I was thinking of approaching this problem from the different direction of
SIGURG or something? Would that work? And what's the deal here?


			-Kartik

--
internet% whoami

subbarao@phoenix.Princeton.EDU -| Internet
kartik@silvertone.Princeton.EDU (NeXT mail)  
SUBBARAO@PUCC.BITNET			          - Bitnet

torek@elf.ee.lbl.gov (Chris Torek) (05/29/91)

[NB: I have deleted a `Distribution: usa' header line.]

In article <1991May18.021148.13730@athena.mit.edu>
mlevin@jade.tufts.edu writes:
>Can someone help me with Out-of-band data with TCP sockets?

The very first thing you need to know is that TCP *does not have* out
of band data.  TCP has `urgent data', which is a different thing entirely.
The BSD socket abstraction provides only out of band data.  Thus,
there is a mismatch; something must give.

> send(he,"1234",4,MSG_OOB);


>As you can see, it somehow inserted a \0 between the 3 and the 4 in
>the string 1234 which I sent as a single OOB message. ...

In article <az8.BZxCGw6pM@idunno.Princeton.EDU> subbarao@phoenix.Princeton.EDU
(Kartik Subbarao) writes:
>It's not inserting a 0 anywhere. The read only returns 3, but since you 
>ignore the return value of the read and print 4 things, the 4th one shows
>up as a null because you bzero'd the array.

In addition, the various send()s might return a short count.  *Always*
put a loop around read and write calls, unless a short count really
means `stop' (e.g., when using select to effect non-blocking I/O).

>... I then decided to get really basic and do this:
>
>	  for (t = 0; t < 4; t++) {
>	  	read(i, s+t, 1);
>	  	ioctl(i, SIOCATMARK, &o);
>      	if (o) printf("OOB: %c\n", s[t]);
>   	  } 
>
>i.e, read every single character and see whether its associated with either
>Out of Band or a normal message. This is the output I got from running
>this: ... OOB:3 ...  So it would appear that the SIOCATMARK ioctl()
>only returned true when the '3' was read.

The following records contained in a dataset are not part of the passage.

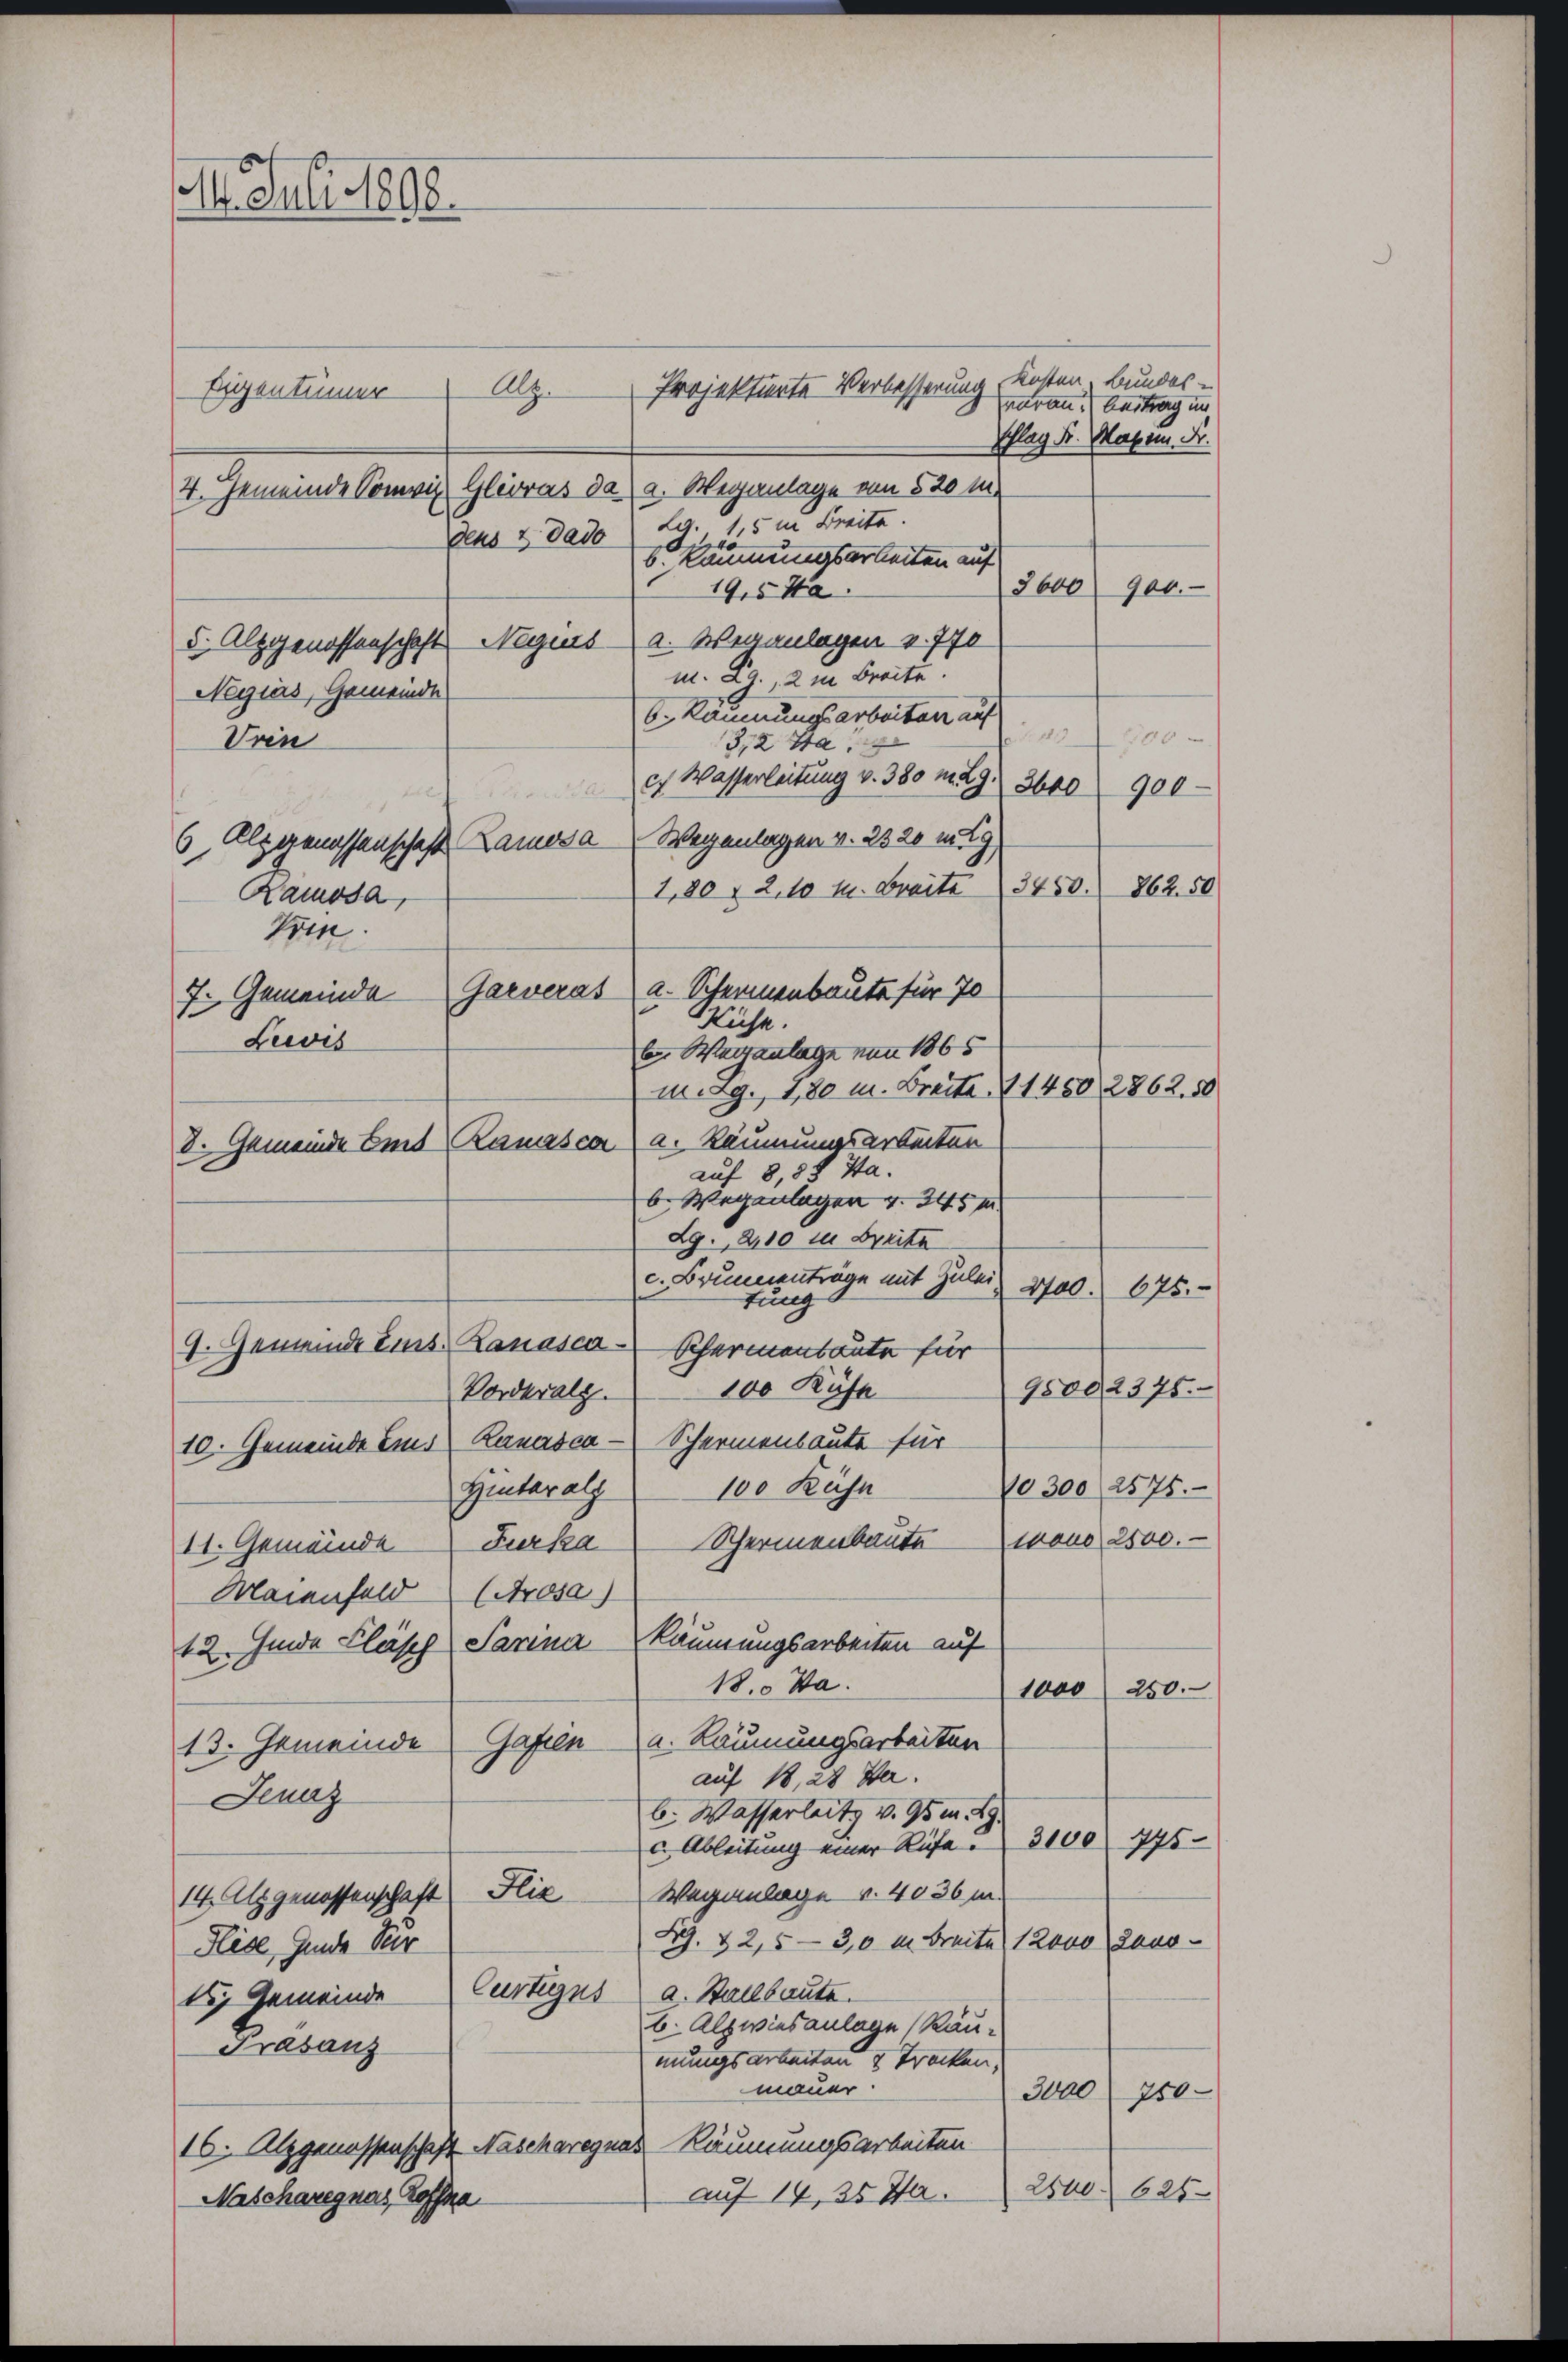
14. Juli 1898.
Projektiente Verbesserung
Alz.
Eigentümer
2600 900.-
d. Alpgenossenschaft Negius a. Weganlagen v. 770
Negiers, Gemeinde
6. Räumungsarbeiten auf
100
Uren
3,2 Ha
er Wasserleitung v. 380 n 29. 3640 900
nich
6, Alpgenossenschaft Ramosa Wegenlagen v. 2320 n 19
3450. 862. 50
1,80 n 2. 10 M. Breite
Ramosa,
Vrin.
Garverat a. Scheunenbaute für 70
7. Gemeinda
Kühe.
Lewis
b Weganlage von 1865
mag. 180 u. Breite 11450 2862, 50
8. Gemeinde Emt Ranasca (a. Räumungsarbeiten
auf 8,88 Ha.
b. Wegenlagen v. 245 m

4. Gemeinde Sonvi Gleoras da a. Weganlage von 520 i
ag. 1,5 m Breite.
deus & dado
b. Räumungsarbeiten auf

Ag., 2110 in Breite
c. Brunnenträge mit Zuleitungs
9. Gemeinde Eins Ranasca Schermenbaute für
100 Kühe
Vorderalg.
10. Gemeinde Eins Kanasca - Schermenbaute für

18. Na

19,5 Ha
m. Rg. 2 in Breite.

naran. Beitrag im
schlag Fr. Magen Fr.

Kosten, Bundes

100 Küsn
Hinteralp
11. Gemeinde Furka Schermenbaute von 2500.—
Maienfeld (Prosa)
12. Finde Fläsch Sarina Räumungsarbeiten auf
1000 250.
13. Gemeinde Gafeln u. Räumungsarbeiten
auf 18, 28 de
Jenaz
b. Wasserleits v. 95 m 29.
c. Ableitung einer Rufe . 3100. 775
Weganlage v. 4036 m.
14 Alpgenossenschaft Flie
LG. § 2, 5 — 30 u. breite 12000 Jano¬
Hlise, finde Ver
Curtignus a. Stallbaute.
te Gemeinde
b. Alpwinsanlage (Räu¬
Frasanz
mungsarbeiten & Tracken,
mauer.
3000
750.
16. Alzgenossenschaft Nascharegnas Räumungsarbeiten
2840. 625
auf 14, 35 Ja
Nascharegnas Hoffma

2700. 675.
95002375.
No 300 2575.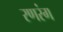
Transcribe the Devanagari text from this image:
रणरंग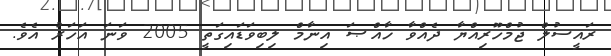
ރައީސުލް ޖުމްހޫރިއްޔާ ދެއްވާ ޚާއްޞަ އިނާމް ލިބިވަޑައިގަތީ 2005 ވަނަ އަހަރު އެވެ.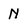
Character: N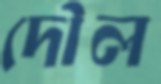
দৌল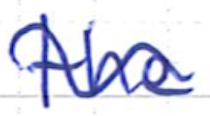
Text: the
Cross-out: wave
Writing tool: ballpoint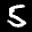
Label: 5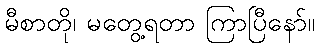
မီစာတို၊ မတွေ့ရတာ ကြာပြီနော်။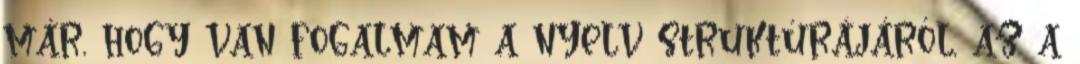
már, hogy van fogalmam a nyelv struktúrájáról, az a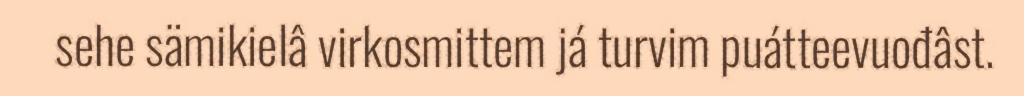
sehe sämikielâ virkosmittem já turvim puátteevuođâst.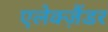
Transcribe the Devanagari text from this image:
एलेक्ज़ैंडर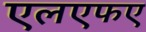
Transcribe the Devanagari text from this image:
एलएफए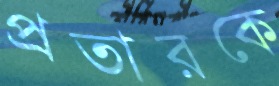
প্রতারকে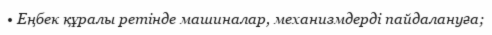
• Еңбек құралы ретінде машиналар, механизмдерді пайдалануға;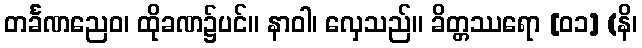
တင်္ခဏညေဝ၊ ထိုခဏ၌ပင်။ နာဝါ၊ လှေသည်။ ခိတ္တဿရော [၀၁] (နိ၊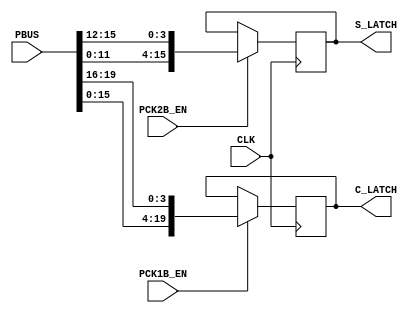
// NeoGeo logic definition
// Copyright (C) 2018 Sean Gonsalves
// Rewrite to fully synchronous logic by (C) 2023 Gyorgy Szombathelyi
//
// This program is free software: you can redistribute it and/or modify
// it under the terms of the GNU General Public License as published by
// the Free Software Foundation, either version 3 of the License, or
// (at your option) any later version.
//
// This program is distributed in the hope that it will be useful,
// but WITHOUT ANY WARRANTY; without even the implied warranty of
// MERCHANTABILITY or FITNESS FOR A PARTICULAR PURPOSE.  See the
// GNU General Public License for more details.
//
// You should have received a copy of the GNU General Public License
// along with this program.  If not, see <https://www.gnu.org/licenses/>.

module neo_273(
	input CLK,
	input [19:0] PBUS,
	input PCK1B_EN,
	input PCK2B_EN,
	output reg [19:0] C_LATCH,
	output reg [15:0] S_LATCH
);
	always @(posedge CLK) begin
		if (PCK1B_EN) C_LATCH <= {PBUS[15:0], PBUS[19:16]};
		if (PCK2B_EN) S_LATCH <= {PBUS[11:0], PBUS[15:12]};
	end
/*
	always @(posedge PCK1B)
	begin
		C_LATCH <= {PBUS[15:0], PBUS[19:16]};
	end
	
	always @(posedge PCK2B)
	begin
		S_LATCH <= {PBUS[11:0], PBUS[15:12]};
	end
*/
endmodule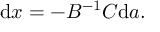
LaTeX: { \mathrm { d } } x = - B ^ { - 1 } C { \mathrm { d } } a .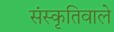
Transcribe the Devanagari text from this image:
संस्कृतिवाले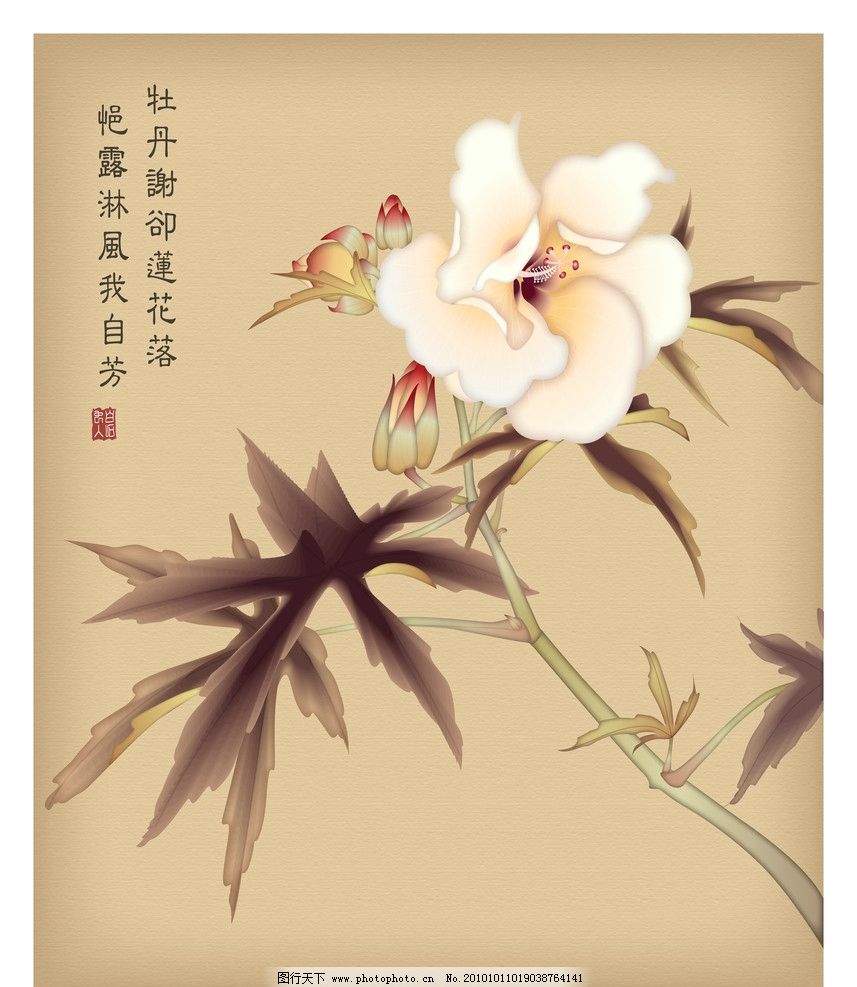
遥想江口依然，鸟啼花谢，今日谁为主。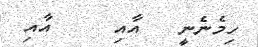
ހިމެނެނީ   އާއި     އާއި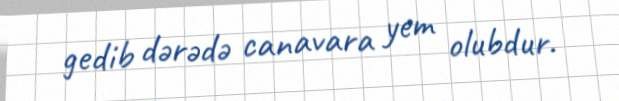
gedib dərədə canavara yem olubdur.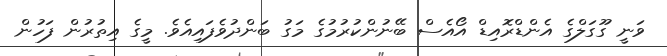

This consistently happens,
>which is kinda weird.

Actually, it is not weird at all:

>I was under the impression that SIOCATMARK would tell you whether the
>NEXT thing you are going to read from the socket is OOB or not,

It does.  The `4' is `the' out of band data, or rather the `urgent data'.

Here is what happens:

The BSD socket code provides for one (1) byte of out of band data.
TCP provides an `urgent pointer'.  As it says in tcp_usrreq.c:

		/*
		 * According to RFC961 (Assigned Protocols),
		 * the urgent pointer points to the last octet
		 * of urgent data.  We continue, however,
		 * to consider it to indicate the first octet
		 * of data past the urgent section.
		 * Otherwise, snd_up should be one lower.
		 */

and in tcp_input.c:

		 * According to RFC961 (Assigned Protocols),
		 * the urgent pointer points to the last octet
		 * of urgent data.  We continue, however,
		 * to consider it to indicate the first octet
		 * of data past the urgent section as the original
		 * spec states (in one of two places).
		 */

What happens, then, is that the send with MSG_OOB puts all four bytes
in the output queue and sets the `urgent pointer' to point just past
the `4'.  The TCP input code sees the corresponding urgent pointer and
says, `aha, the last byte of the stuff I just got must be where the
socket out-of-band mark goes'.

>What I don't see is (although I know read()s aren't guaranteed to return
>the exact number of bytes you request) why consistently the read is
>returning 3,

In the TCP code, the (single) out of band data byte that is present
is either stored in the (single) out of band byte holder---this is the
usual case, when SO_OOBINLINE is not set---or simply left in place.
In addition, the code does the following:

	so->so_oobmark = so->so_rcv.sb_cc + (tp->rcv_up - tp->rcv_nxt) - 1;
	if (so->so_oobmark == 0)
		so->so_state |= SS_RCVATMARK;
	sohasoutofband(so);

This sets the `out of band data offset' (so_oobmark) to the distance
between the `next byte the user will get with read/recv' and the (single)
out of band byte, whether or not that byte is removed from the data
stream (depending on SO_OOBINLINE).  If that offset is zero, it sets
the `at mark' flag.  This flag is what is retrieved by SIOCATMARK.
The flag is set whenever so_oobmark decreases to zero, and cleared
initially on every read/recv.

Since the `4' is the out of band data byte, a read() that plowed on
through and consumed it would zip on past the out of band mark.  It
would then be impossible to figure out where the out of band data was.
Thus, the socket reading code carefully stops whenever it reaches
the out of band mark, so that SIOCATMARK can work.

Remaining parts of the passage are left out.